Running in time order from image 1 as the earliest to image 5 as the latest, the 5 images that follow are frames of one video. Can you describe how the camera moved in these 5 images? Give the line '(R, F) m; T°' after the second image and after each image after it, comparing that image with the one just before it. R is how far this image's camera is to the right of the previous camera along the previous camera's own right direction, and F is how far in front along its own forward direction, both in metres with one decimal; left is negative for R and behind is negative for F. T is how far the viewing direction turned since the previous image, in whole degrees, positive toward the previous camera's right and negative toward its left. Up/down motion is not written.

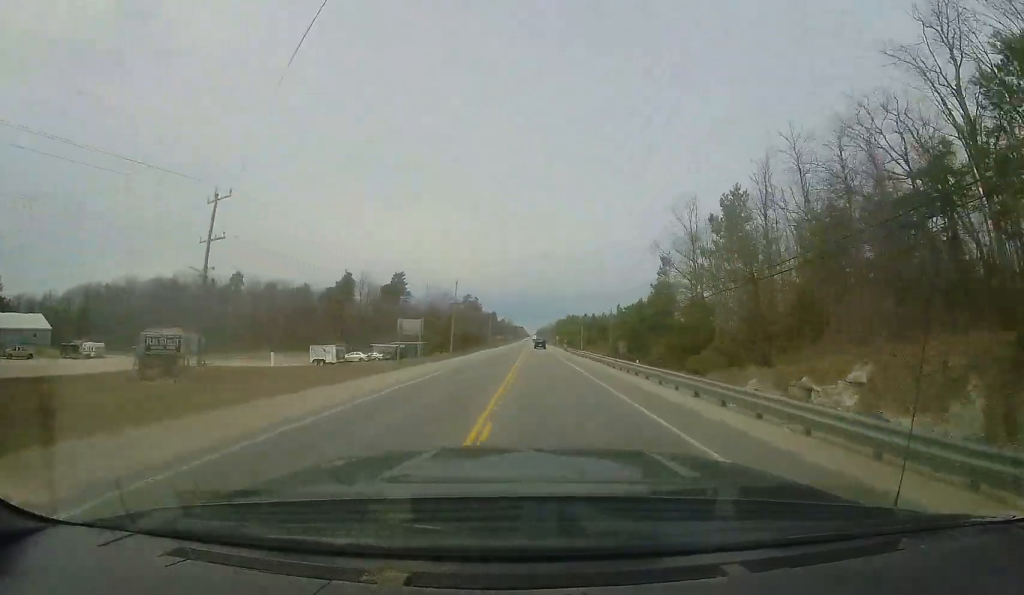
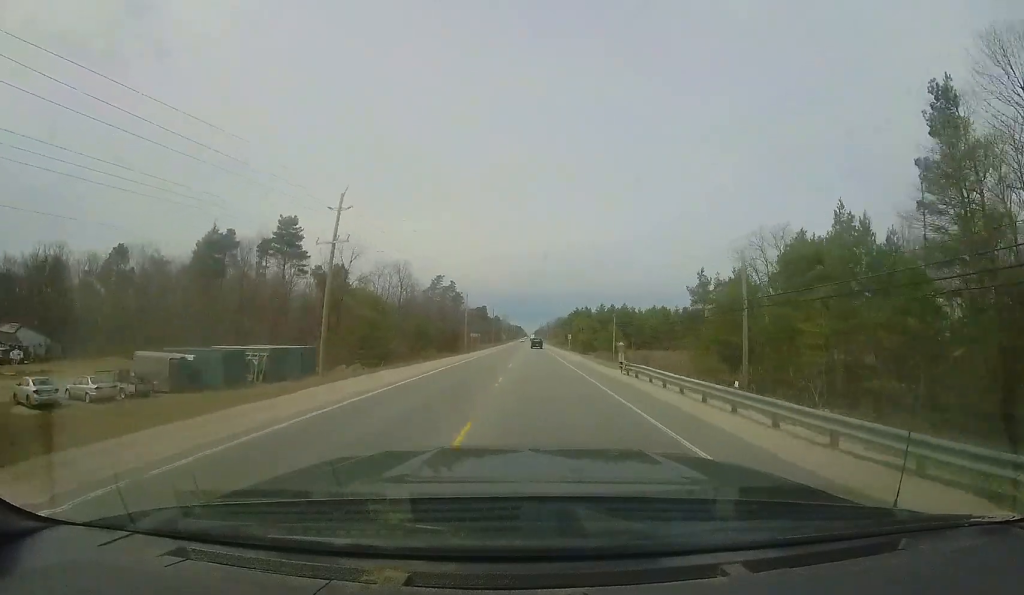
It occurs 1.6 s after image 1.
(+0.2, +41.1) m; +1°
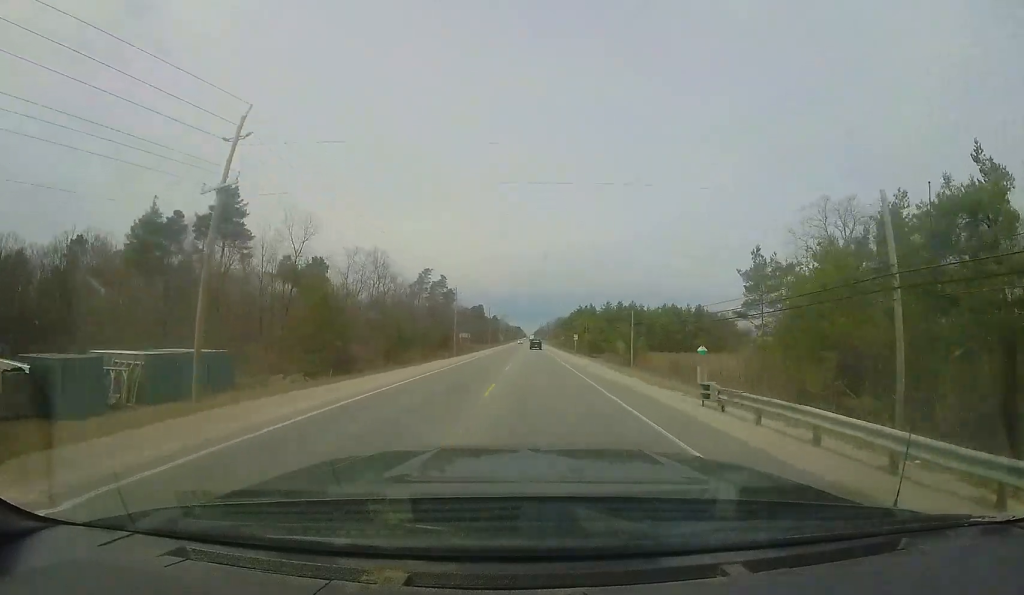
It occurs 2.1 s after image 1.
(+0.2, +10.8) m; 0°
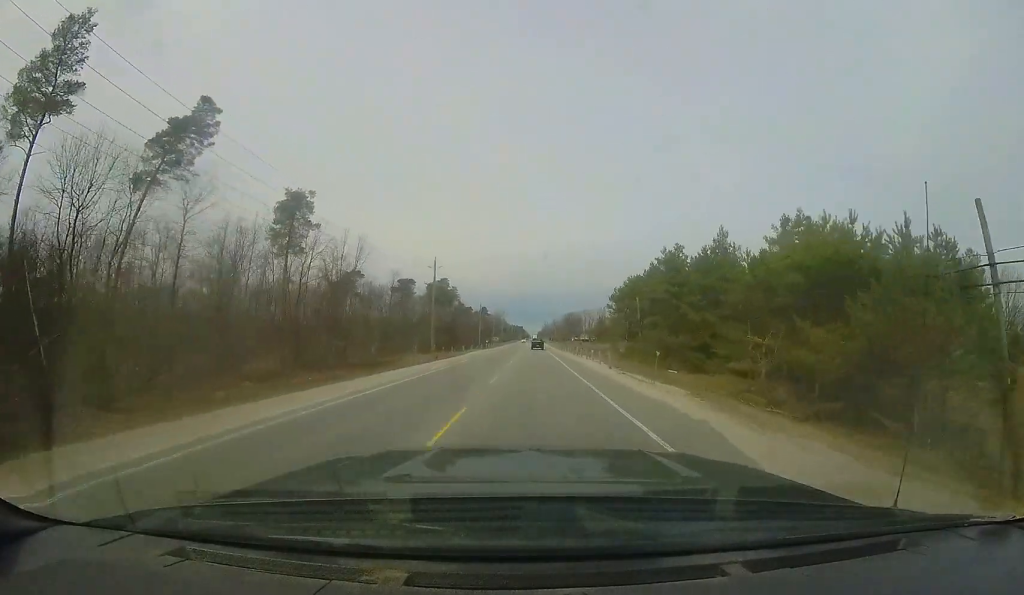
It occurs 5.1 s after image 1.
(-1.6, +77.1) m; -2°
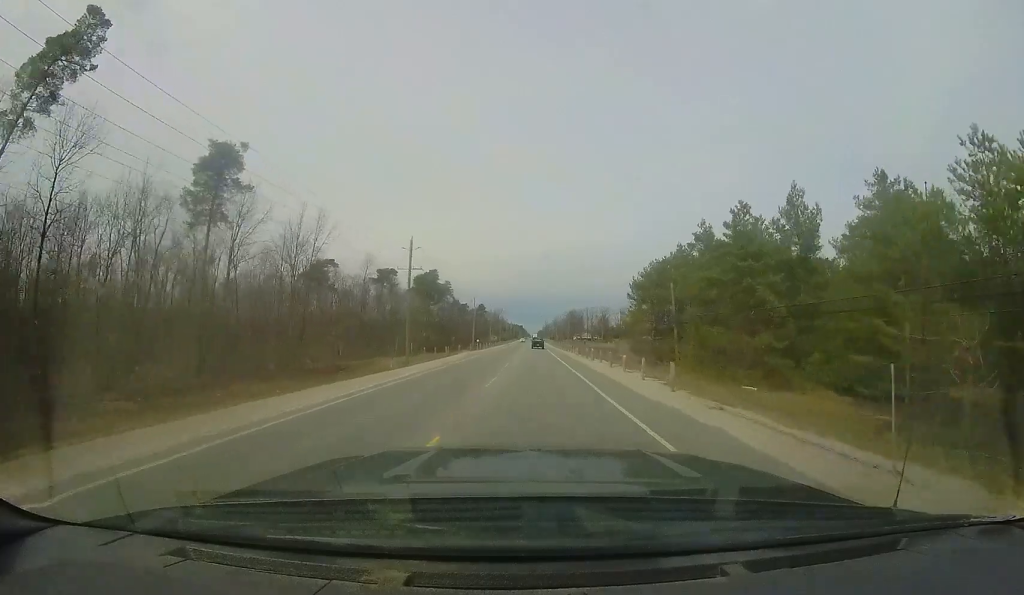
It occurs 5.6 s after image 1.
(0.0, +11.0) m; 0°

TASK TO COMPLETE ▸ Please transcribe every entry exactly as written, leaving the pictures out.

TASK OUTPUT ▸
Running in time order from image 1 as the earliest to image 5 as the latest, the 5 images that follow are frames of one video. Can you describe how the camera moved in these 5 images? Give the line '(R, F) m; T°' after the second image and after each image after it, comparing that image with the one just before it. R is how far this image's camera is to the right of the previous camera along the previous camera's own right direction, and F is how far in front along its own forward direction, both in metres with one decimal; left is negative for R and behind is negative for F. T is how far the viewing direction turned since the previous image, in whole degrees, positive toward the previous camera's right and negative toward its left. Up/down motion is not written.

It occurs 1.6 s after image 1.
(+0.2, +41.1) m; +1°
It occurs 2.1 s after image 1.
(+0.2, +10.8) m; 0°
It occurs 5.1 s after image 1.
(-1.6, +77.1) m; -2°
It occurs 5.6 s after image 1.
(0.0, +11.0) m; 0°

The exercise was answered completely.